Les taux d'imposition des plus-values
Dernière mise à jour le 20 décembre 2008 à 19:53 par ericRg
Publié par ericRgDifficile aujourd’hui d’échapper à l’impôt sur les plus-values. Mais son taux peut sensiblement varier selon la nature de la plus-value.
On a sans doute oublié aujourd’hui que l’impôt sur les plus-values du patrimoine n’a guère qu’une trentaine d’années puisqu’il a été institué sous la présidence de Valéry Giscard d’Estaing en 1976. Au fil des Lois de finances, il a été généralisé et alourdi, notamment par le biais des prélèvements sociaux. Mais contrairement à ce que l’on pourrait penser, son taux n’est pas harmonisé et varie selon la nature de la plus-value enregistrée.
Les plus-values privées
Par définition, ces plus-values concernent les ventes réalisées sur tout ou partie du patrimoine d’un particulier.
Les plus-values immobilières
Les plus-values immobilières, qui font par ailleurs l’objet d’un certain nombre d’exonérations, sont imposées au taux de 16%. Auquel s’ajoutent les prélèvements sociaux qui atteignent aujourd’hui 12,1% avec la récente taxe RSA. Soit 28,1% au total.
Les plus-values sur biens meubles
Les mêmes taux sont appliqués aux plus-values constatées en cas de ventes de meubles, bijoux, etc., qui sont donc taxées au total à 28,1%.
Les plus-values sur les cessions de valeurs mobilières
Les autres types de plus-values concernent essentiellement les valeurs mobilières au sens large du terme : actions, obligations, titres de sociétés, etc.
Elles sont imposées au taux de base de 18%, soit 30,1% au total.
Les plus-values professionnelles
Les plus-values professionnelles sont celles réalisés, comme leur nom l’indique, dans le cadre de l’activité professionnelle.

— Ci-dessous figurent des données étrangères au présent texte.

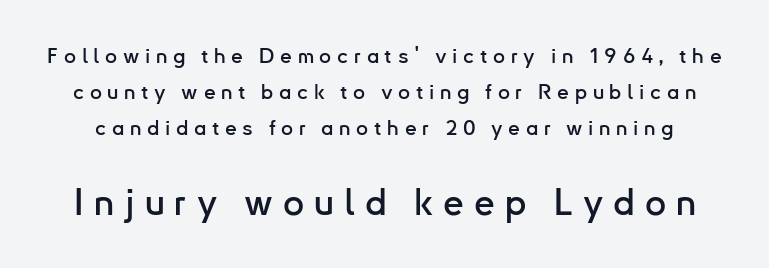
Upright lettering throughout. The letters are spread apart with noticeably loose tracking. Small over large — that's the arrangement of the two blocks here. Anything drawn beneath the words? Only blank space. Spacing verdict: proportional, widths tailored to each character. Examine the stroke ends and you'll find no serifs.
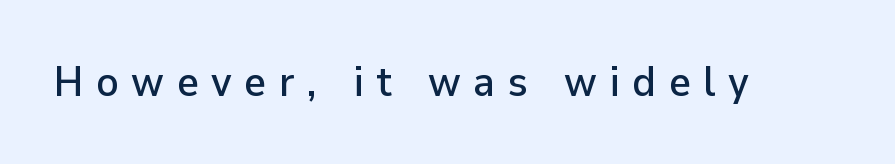
Look at the bottom of the vertical strokes: they stop flat, with no serifs. Every stem runs plumb, perpendicular to the baseline. Has an underline been added? It has not. The letters are spread apart with noticeably loose tracking. Varying glyph widths throughout — classic text-font behaviour.
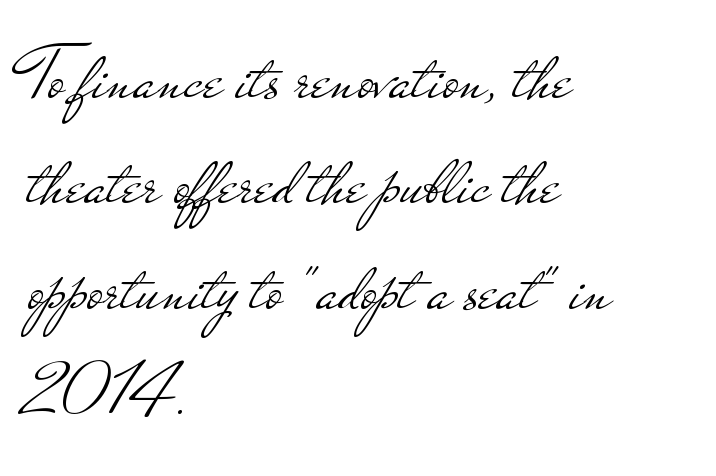
In CSS terms this would be text-align: left. Serifs: no, the terminals of the letterforms are clean. The letterforms sit shoulder to shoulder at normal distance. These lines are rendered in a variable-pitch font. Vertical stems look standard width or narrower in stroke.

Elles peuvent donc être réalisées par des personnes morales, mais aussi par des personnes physiques qui exercent leur activité professionnelle dans le cadre d’entreprises individuelles.
Ces entrepreneurs individuels sont dans la même situation que les associés personnes physiques de sociétés soumises à l’impôt sur le revenu (Société en nom collectif, sarl de famille, etc.). Il en est de même quand ces mêmes associés cèdent leurs titres : contrairement à la cession de titres du patrimoine (actions, etc.), il ne s’agit pas alors de plus-values privées mais de plus-values professionnelles.
Sous réserve de plusieurs dispositifs d’exonération, ces plus-values professionnelles sont soumis à l’impôt sur les bénéfices quand les biens cédés sont possédés depuis moins de deux ans. Dans le cas contraire, il s’agit de plus-values dites à long terme soumises à un prélèvement forfaitaire de 16%, soit 28,1% au total en tenant compte de la récente contribution RSA.